Size? What size? “Small?” I asked him and I didn’t mean it to be a question. It was supposed to be my choice. My order. Not a question. But was small a good size for a caramel macchiato? What the heck was a macchiato anyway?
“You got it,” he said.
And so, I had chosen correctly again. Then we were smiling at each other and it started to feel like it might not be the end of the world. And that was a nice feeling to have while I fished money out of my pocket and handed it to him. Our fingers touched and more sparks flew. Many sparks. Then he turned away so he could make my drink and so that I could breathe.
As I leaned casually against the counter in a casual way, Hot Coffee Shop Guy steamed and stirred and poured, making my macchiato like nobody’s business.

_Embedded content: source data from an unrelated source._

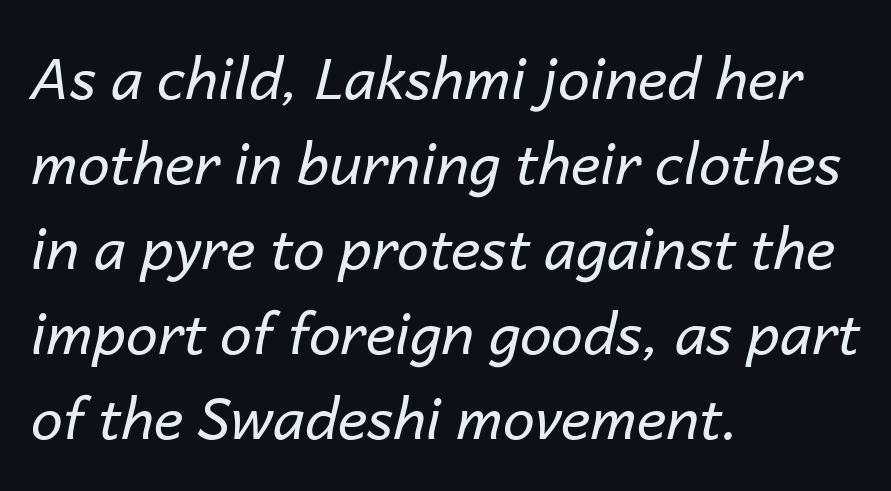
The image shows 57 px regular-weight type, italic (leaning right); set left-aligned, normal line spacing (1.49x), normal letter spacing, not underlined; low stroke contrast and a medium x-height.
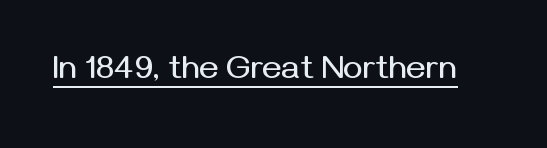
Q: Is the text italic (slanted)? A: No, it is upright.
Q: Is the typeface a serif or a sans-serif typeface? A: Sans-serif.
Q: Is the text underlined? A: Yes.
Q: Is the spacing between letters normal or unusually wide? A: Normal.
Q: Width (condensed, normal, or wide)? A: Normal.
Q: Stroke contrast? A: Medium.
Q: x-height? A: Medium.
Q: Monospaced? A: No.
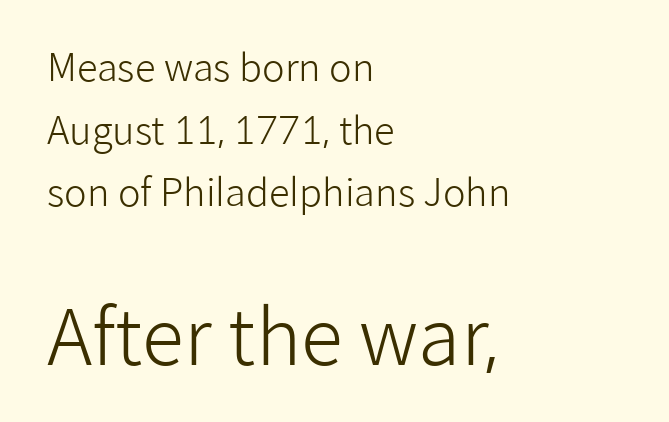
Q: Is the text bold? A: No.
Q: Is the text italic (slanted)? A: No, it is upright.
Q: Is the typeface a serif or a sans-serif typeface? A: Sans-serif.
Q: Is the text underlined? A: No.
Q: How is the paragraph aligned? A: Left-aligned.
Q: Is the spacing between letters normal or unusually wide? A: Normal.
Q: Is the spacing between lines tight, normal or loose? A: Normal.
Q: Which block of text is set in a larger size, the first (top) or the second (bottom)? A: The second (bottom) one.
Q: Width (condensed, normal, or wide)? A: Normal.
Q: Stroke contrast? A: Low.
Q: x-height? A: Medium.
Q: Monospaced? A: No.

It may not have taken as long as I’d thought to order. And my cheeks may have been red, but maybe he thought it was from the cold outside. It was cold outside. Things may have been even better than not that bad. Things may have been okay and maybe even good.
Until some girl’s voice jutted in, calling “Lucan?” and a pretty blond girl with pigtails came sashaying in from the backroom.
“Huh?” said not just ‘Hot Coffee Shop Guy’, said Lucan. Because Hot Coffee Shop Guy had a name and I finally knew what it was. And it was Lucan. And it was the best name I had ever heard.
Blond Girl leaned against the counter next to him and crossed her arms, looking his way and biting her thumbnail. I was thankful to her for revealing the name that I’d wondered about for so long. But her work was done and she was now free to leave. And should. But wasn’t. “Do you want to go to that party tonight?” she asked him. “At Becca’s?”
“No. You know what I want to do?” said Hot Coffee Shop Lucan, “Dance.” And then, he turned to me. And he asked me another question. “Whipped cream?” he asked. His voice was low and husky as he looked at me and not at the other girl.
And then I got it. It clicked.
I said “Yes,” and it was an answer. A real answer and not a question at all. Because there was another question–a more important question–at the tip of my tongue. There was a reason I’d ended up in that coffee shop that morning. A reason I was there and not in class. A reason I’d mistaken my name on that poster.
He held my fancy drink out and as I took it, our hands met again. Sparks and more sparks.
“Thank you,” I said, my voice firm and calm and clear. Because that day, my 17th birthday, was not just my day. Not just a day for a fresh start and for new things. It was a day for a new me. A brave me. It was a day for a question that I never thought I’d ask–that I didn’t, until that very moment, even know that I wanted to ask.
“Lucan,” I said, “there’s a dance at my school. You want to go?” And then I looked right into those baby blue eyes of his and added, bravely, “With me?”
And then there was an answer. It had been the best day until that answer. Because the answer was laughter.